Content Extraction
Content extraction is the second step in the knowledge base processing pipeline. It converts uploaded or referenced documents into a plain text or Markdown format that can be further split and embedded for AI-powered search.
You can choose between several extraction methods depending on your use case.
Markdown
This option converts the content of the document into Markdown format, preserving semantic structure like headings, bullet points, and tables.
Supported MIME Types
- Email files (
message/rfc822
,application/vnd.ms-outlook
) - Plain text files (
text/plain
) - Markdown files (
text/markdown
) - Microsoft Word documents (
application/vnd.openxmlformats-officedocument.wordprocessingml.document
) - Microsoft Excel spreadsheets (
application/vnd.openxmlformats-officedocument.spreadsheetml.sheet
) - Microsoft PowerPoint presentations (
application/vnd.openxmlformats-officedocument.presentationml.presentation
)
Header Mapping for Microsoft Word
When extracting Microsoft Word documents, it's possible to define a header mapping to convert specific styles into Markdown-compatible headings.
This is useful when documents use custom-named heading styles (e.g., "MyTitleStyle") instead of the default "Heading 1", "Heading 2", etc.

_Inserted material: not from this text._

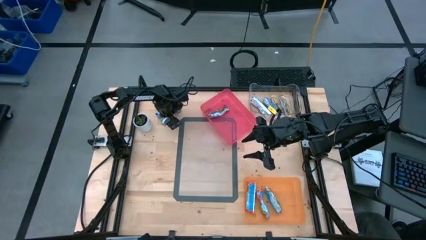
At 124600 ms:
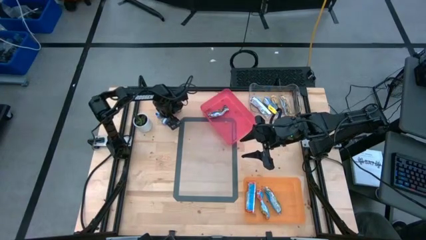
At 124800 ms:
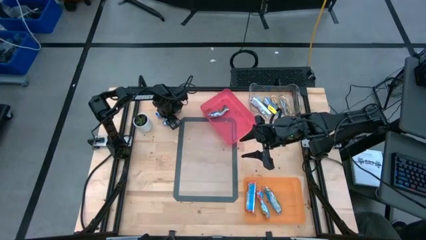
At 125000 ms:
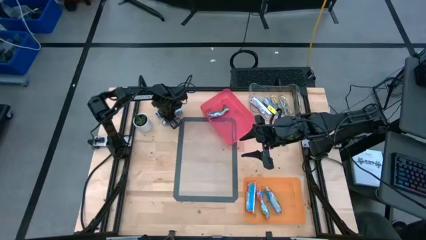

How to identify header styles
-
Open the Styles Pane in Word and select the styled text.
-
Click Modify Style to view the exact name of the style.
You can map multiple Word styles to the same Markdown header level.
Original Document
This option is only available when using the OpenAI Vector Store.
In this mode, the original document content is sent directly to OpenAI for parsing. Flowable does not perform any intermediate extraction or formatting.
Use this if you want OpenAI’s model to handle raw document parsing.
Custom
The custom extraction APIs are currently experimental and may change in future releases.
For advanced use cases, you can implement your own extraction logic by providing a custom Java class.
Implement the following interface: com.flowable.agent.engine.impl.knowledgebase.pipeline.steps.extractor.KnowledgeBaseTextBasedFormatExtractor
This gives you full control over how content is parsed before further processing.